The rights group Survival International is charging that a traditional hunter-gatherer community in Kenya is facing destitution because of government plans to cut down their forest home.

The Mau forest has been home to Kenya's Ogiek people since before recorded history. Dressing in animal skins and flamboyant feathered headdresses, the Ogiek live a simple existence - hunting forest animals, eating wild fruits, and cultivating honey.

But the London-based rights group Survival International says all that is about to change because the Kenyan government intends to cut down more than 60,000 hectares of the Mau forest, about 200 kilometers northwest of the capital, Nairobi.

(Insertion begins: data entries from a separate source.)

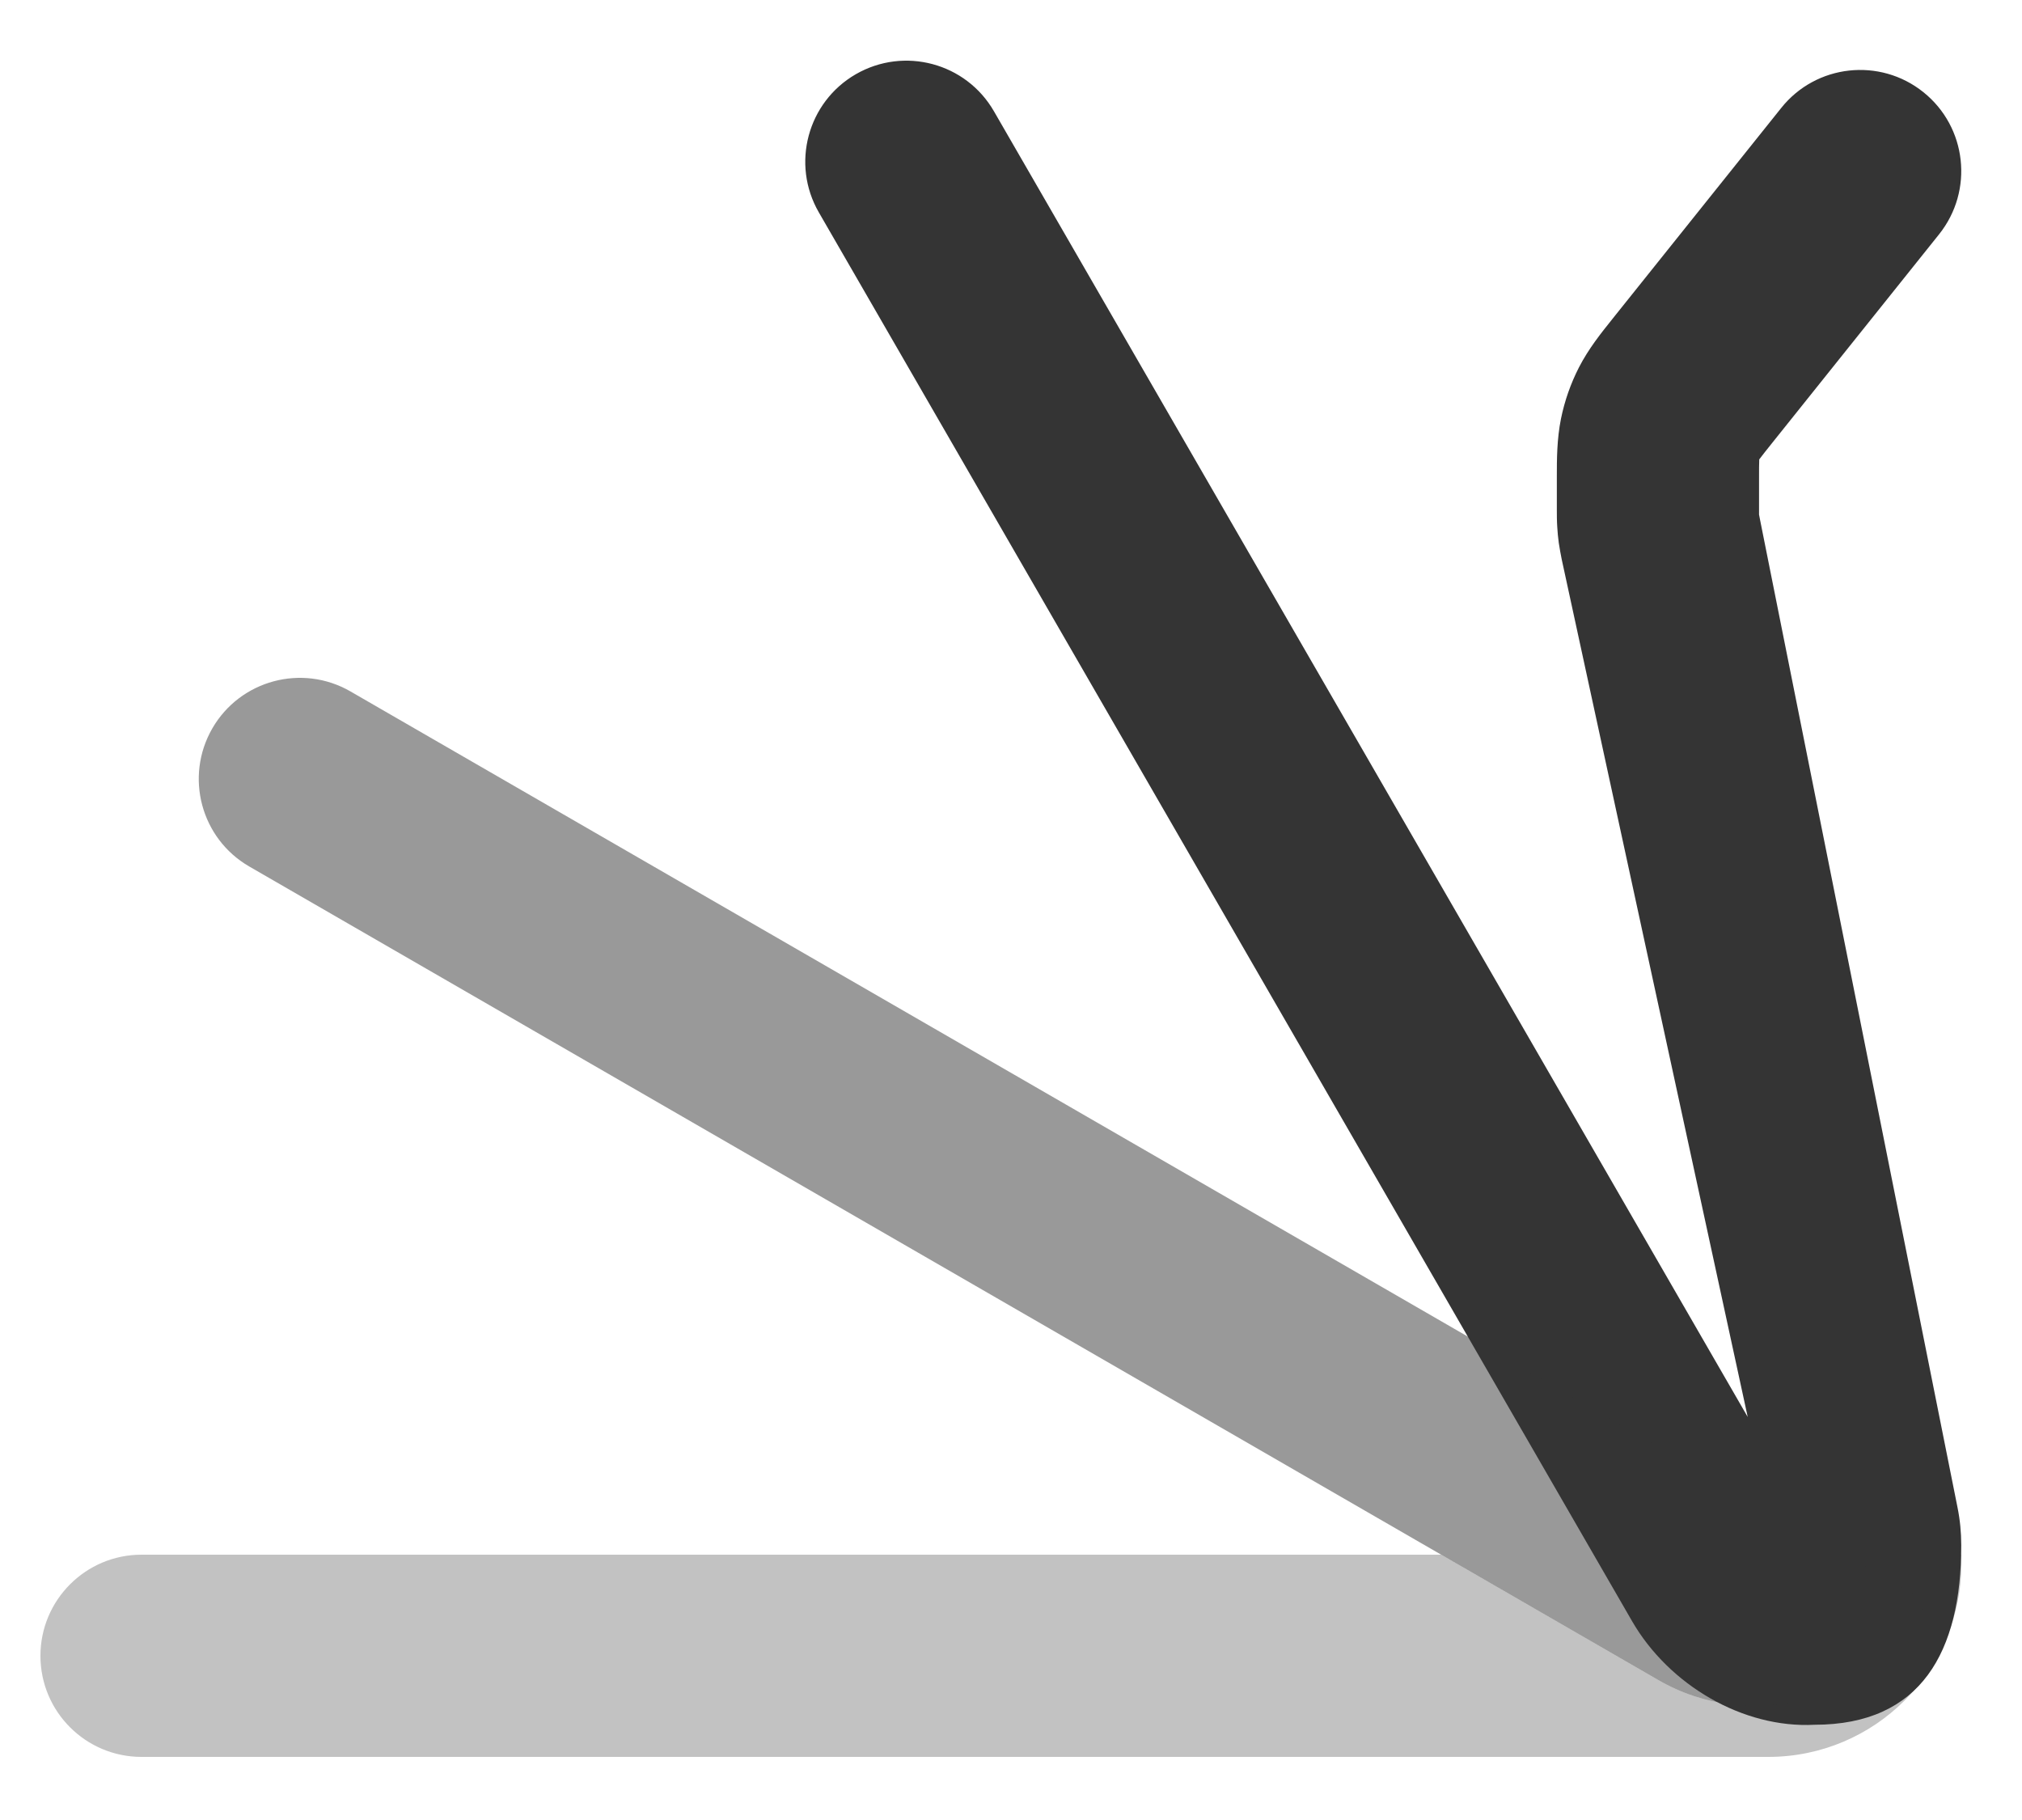 <svg width="20" height="18" viewBox="0 0 20 18" fill="none" xmlns="http://www.w3.org/2000/svg">
<g id="Group 10123767">
<path id="Subtract" opacity="0.3" fill-rule="evenodd" clip-rule="evenodd" d="M19.01 15.916C19.025 15.89 19.039 15.864 19.053 15.837L18.255 15.376H19.398C19.399 15.406 19.4 15.436 19.4 15.466C19.4 16.521 18.545 17.376 17.49 17.376H1.4C0.848 17.376 0.4 16.929 0.4 16.376C0.4 15.824 0.848 15.376 1.4 15.376H14.255L16.401 16.615C17.314 17.143 18.483 16.83 19.01 15.916Z" fill="#343434"/>
<path id="Union" d="M17.287 14.014L15.447 5.531C15.438 5.486 15.427 5.428 15.418 5.368C15.411 5.316 15.406 5.264 15.403 5.211C15.399 5.151 15.399 5.092 15.399 5.046L15.399 4.753L15.399 4.71C15.399 4.548 15.399 4.344 15.44 4.141C15.476 3.964 15.536 3.793 15.618 3.633C15.713 3.448 15.841 3.289 15.942 3.163L15.969 3.129L17.619 1.067C17.963 0.636 18.593 0.566 19.024 0.911C19.455 1.256 19.525 1.885 19.18 2.317L17.531 4.378C17.461 4.465 17.427 4.509 17.403 4.541L17.401 4.543L17.401 4.546C17.399 4.586 17.399 4.642 17.399 4.753V5.033C17.399 5.065 17.399 5.081 17.399 5.092L17.4 5.094C17.402 5.105 17.405 5.12 17.411 5.151L19.362 14.908C19.387 15.031 19.399 15.156 19.399 15.282C19.399 16.337 19.002 17.058 17.948 17.058C17.242 17.095 16.51 16.667 16.144 16.035L8.099 2.1C7.823 1.622 7.987 1.01 8.465 0.734C8.944 0.458 9.555 0.622 9.831 1.1L17.287 14.014Z" fill="#343434"/>
<path id="Icon" opacity="0.5" d="M19.053 15.837C19.039 15.864 19.025 15.89 19.01 15.916C18.482 16.83 17.314 17.143 16.401 16.615L2.466 8.57C1.988 8.294 1.824 7.683 2.1 7.204C2.376 6.726 2.988 6.562 3.466 6.838L19.053 15.837Z" fill="#343434"/>
</g>
</svg>

The forest's 20,000 Ogiek inhabitants will be forcibly evicted from their ancestral land.

Virginia Luling of the Survival International group, which campaigns for the rights of indigenous peoples, says the Ogiek have no other means of supporting themselves.

"They will be turned out of their land. They will lose their culture," she said. "And they'll just be part of the general dispossessed population. Most of them don't have any skills. It'll be largely a question of finding some bit of land to cultivate or else they'll just drift to the slums."

Ms. Luling says the Ogiek will run into all sorts of social problems if they are suddenly stripped of their traditional identity and way of life.

"People should be in control of their own lives and be able to adapt their culture and not have it done to them," she said. "It's very destructive and leads to all sorts of social breakdown if people are forced into a way of life which they don't want and which they haven't chosen for themselves."

The Kenyan government says it is cutting down the forest to give the land to landless squatters. But Ms. Luling says it makes no sense to settle one group of poor people by dispossessing another.

Some people also question the Kenyan government's statements. Local media says they have documents that show some of the land has already been allocated to political heavyweights, including Environment Minister Joseph Kamotho and the wife of Kenya's first president, Mama Ngina Kenyatta.